National Park Service, Interior.

ACTION:

Notice.

Notice is here given in accordance with the Native American Graves Protection and Repatriation Act (NAGPRA), 25 U.S.C. 3003, of the completion of an inventory of human remains and associated funerary objects in the control of the Public Museum of West Michigan (Grand Rapids Public Museum), Grand Rapids, MI. The human remains and associated funerary objects were removed from Allegan, Berrien, Cass, Grand Traverse, Kalamazoo, Kent, Montcalm, Ottawa, St. Joseph, and Wayne Counties, MI.

This notice is published as part of the National Park Service's administrative responsibilities under NAGPRA, 25 U.S.C. 3003(d)(3). The determinations in this notice are the sole responsibility of the museum, institution, or Federal agency that has control of the Native American human remains and associated funerary objects. The National Park Service is not responsible for the determinations in this notice.

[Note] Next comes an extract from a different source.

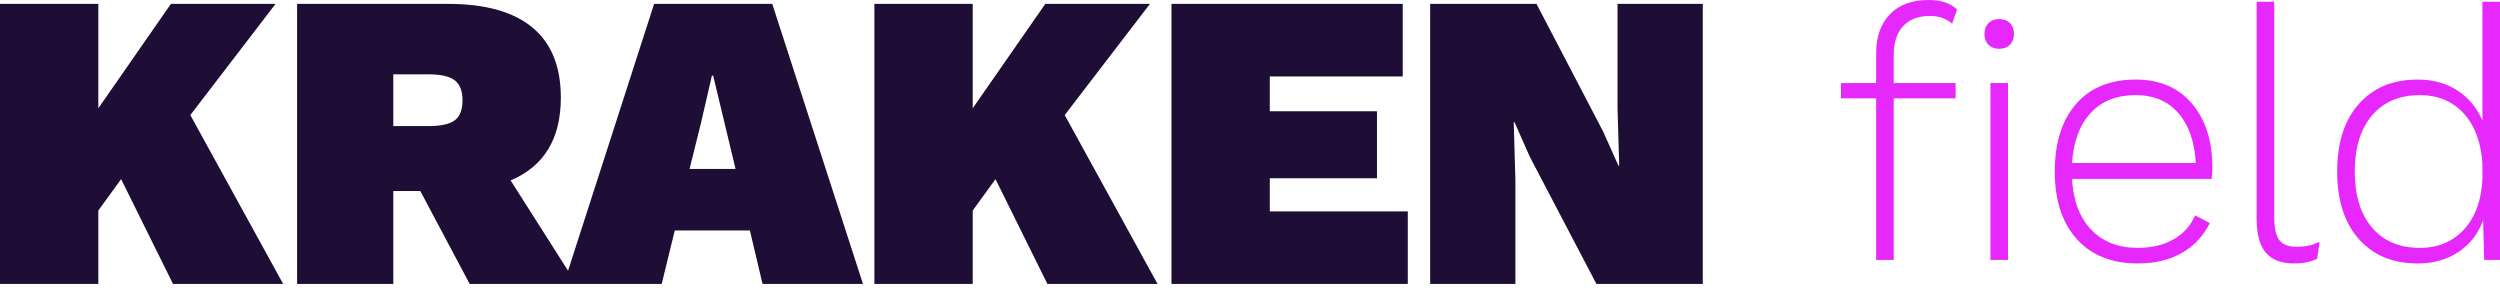 <svg width="310" height="36" viewBox="0 0 310 36" fill="none" xmlns="http://www.w3.org/2000/svg">
<path d="M12.192 35.21V26.107L15.018 22.213L21.454 35.21H35.112L23.6 14.268L34.17 0.482H21.193L12.192 13.426V0.482H0V35.21H12.192ZM48.77 35.21V23.687H52.119L58.241 35.21H71.48L63.317 22.371C67.468 20.617 69.544 17.197 69.544 12.111C69.544 8.252 68.367 5.349 66.012 3.403C63.657 1.456 60.177 0.482 55.572 0.482H36.839V35.21H48.77ZM53.113 15.636H48.77V9.217H53.113C54.648 9.217 55.738 9.462 56.383 9.953C57.029 10.444 57.352 11.269 57.352 12.427C57.352 13.619 57.029 14.452 56.383 14.926C55.738 15.399 54.648 15.636 53.113 15.636ZM82.05 35.21L83.672 28.58H92.987L94.557 35.21H107.011L95.76 0.482H81.109L69.91 35.21H82.05ZM91.208 20.951H85.504L86.917 15.268L88.277 9.375H88.434L91.208 20.951ZM120.616 35.21V26.107L123.442 22.213L129.878 35.21H143.536L132.024 14.268L142.594 0.482H129.617L120.616 13.426V0.482H108.424V35.21H120.616ZM174.566 35.21V26.212H157.455V22.108H170.746V13.794H157.455V9.48H173.938V0.482H145.263V35.21H174.566ZM187.91 35.21V22.319L187.701 15.163H187.805L189.689 19.425L197.957 35.21H211.144V0.482H200.573V13.374L200.783 20.53H200.678L198.794 16.32L190.526 0.482H177.34V35.21H187.91Z" fill="#1E0D35"/>
<path d="M234.822 32.228V12.19H242.497V10.304H234.822V6.84C234.822 5.262 235.214 4.056 235.999 3.223C236.784 2.39 237.889 1.973 239.313 1.973C240.418 1.973 241.334 2.295 242.061 2.938L242.671 1.184C241.886 0.395 240.709 0 239.139 0C237.075 0 235.476 0.592 234.342 1.776C233.209 2.96 232.642 4.575 232.642 6.621V10.304H228.281V12.19H232.642V32.228H234.822ZM247.904 6.051C248.456 6.051 248.9 5.883 249.234 5.547C249.568 5.211 249.735 4.765 249.735 4.209C249.735 3.654 249.568 3.208 249.234 2.872C248.9 2.536 248.456 2.368 247.904 2.368C247.352 2.368 246.908 2.536 246.574 2.872C246.24 3.208 246.073 3.654 246.073 4.209C246.073 4.765 246.24 5.211 246.574 5.547C246.908 5.883 247.352 6.051 247.904 6.051ZM248.994 32.228V10.304H246.814V32.228H248.994ZM265.085 32.667C267.207 32.667 269.024 32.236 270.536 31.373C272.048 30.511 273.21 29.276 274.024 27.668L272.193 26.703C271.641 27.989 270.747 28.983 269.511 29.685C268.276 30.387 266.8 30.737 265.085 30.737C262.672 30.737 260.746 29.985 259.307 28.479C257.868 26.974 257.076 24.876 256.931 22.187H274.242C274.301 21.719 274.33 21.237 274.33 20.74C274.33 17.466 273.487 14.835 271.8 12.847C270.114 10.86 267.789 9.866 264.823 9.866C261.655 9.866 259.191 10.874 257.432 12.891C255.673 14.908 254.794 17.7 254.794 21.266C254.794 24.832 255.702 27.624 257.519 29.641C259.336 31.658 261.858 32.667 265.085 32.667ZM272.28 20.214H256.931C257.105 17.554 257.875 15.486 259.242 14.009C260.608 12.533 262.469 11.795 264.823 11.795C267.062 11.795 268.828 12.54 270.122 14.031C271.415 15.522 272.135 17.583 272.28 20.214ZM284.446 32.667C285.551 32.667 286.51 32.477 287.324 32.097L287.63 29.992C287.106 30.226 286.641 30.387 286.234 30.474C285.827 30.562 285.333 30.606 284.752 30.606C283.763 30.606 283.058 30.328 282.637 29.773C282.215 29.217 282.004 28.267 282.004 26.923V0.219H279.824V27.142C279.824 29.042 280.202 30.438 280.958 31.329C281.714 32.221 282.877 32.667 284.446 32.667ZM299.796 32.667C301.744 32.667 303.43 32.192 304.854 31.242C306.279 30.291 307.296 28.983 307.907 27.317L308.038 32.228H310V0.219H307.82V14.952C307.151 13.374 306.119 12.131 304.724 11.225C303.328 10.319 301.686 9.866 299.796 9.866C296.714 9.866 294.28 10.874 292.492 12.891C290.704 14.908 289.81 17.7 289.81 21.266C289.81 24.832 290.704 27.624 292.492 29.641C294.28 31.658 296.714 32.667 299.796 32.667ZM300.058 30.737C297.528 30.737 295.552 29.897 294.127 28.216C292.703 26.535 291.99 24.219 291.99 21.266C291.99 18.314 292.703 15.997 294.127 14.316C295.552 12.636 297.528 11.795 300.058 11.795C302.325 11.795 304.149 12.562 305.53 14.097C306.911 15.632 307.674 17.715 307.82 20.345V22.187C307.703 24.818 306.947 26.901 305.552 28.435C304.157 29.97 302.325 30.737 300.058 30.737Z" fill="#E628FD"/>
</svg>

A detailed assessment of the human remains and associated funerary objects was made by Public Museum of West Michigan officials in consultation with the Bay Mills Indian Community, Michigan; Citizen Potawatomi Nation, Oklahoma; Forest County Potawatomi Community, Wisconsin; Grand Traverse Band of Ottawa and Chippewa Indians, Michigan; Hannahville Indian Community, Michigan; Keweenaw Bay Indian Community, Michigan; Lac Vieux Desert Band of Lake Superior Chippewa Indians, Michigan; Little River Band of Ottawa Indians, Michigan; Little Traverse Bay Bands of Odawa Indians, Michigan; Match-e-be-nash-she-wish Band of Pottawatomi Indians of Michigan; Nottawaseppi Huron Band of the Potawatomi, Michigan (formerly the Huron Potawatomi, Inc.); Ottawa Tribe of Oklahoma; Pokagon Band of Potawatomi Indians, Michigan and Indiana; Prairie Band of Potawatomi Nation, Kansas; Red Lake Band of Chippewa Indians, Minnesota; Saginaw Chippewa Indian Tribe of Michigan; Sac & Fox Nation, Oklahoma; and Sault Ste. Marie Tribe of Chippewa Indians of Michigan. In addition, the museum also consulted with the following non-federally recognized Indian groups: Burt Lake Band of Ottawa & Chippewa and the Grand River Bands of Ottawa.

In 1956, human remains representing a minimum of four individuals were removed from an unknown site near Saugatuck, Allegan County, MI. The human remains and associated funerary objects were excavated by the museum with the assistance of Dr. E.F. Greenman. No known individuals were identified. The 12 associated funerary objects are 5 shell beads, 1 flint spear, 2 lots of red ochre, 1 shell bracelet, 1 lot of bird bone, 1 flint flake, and 1 projectile point fragment.

At an unknown date, human remains representing a minimum of three individuals were removed from an unknown site in Allegan County, MI. At an unknown date, the “Hibellink Estate” acquired the human remains. At an unknown date, Harvey Bouknegt acquired the human remains from the “Hibellink Estate.” At an unknown date, Ruth Herrick acquired the human remains from Harvey Bouknegt. In 1974, the museum acquired the human remains from Ruth Herrick through a bequest. No known individuals were identified. No associated funerary objects are present.

At an unknown date, human remains representing a minimum of three individuals were removed from the Niles area, Berrien County, MI. In 1890-1892, E.H. Crane acquired the human remains. In 1917, the museum purchased the human remains from the E.H. Crane estate. No known individuals were identified. No associated funerary objects are present.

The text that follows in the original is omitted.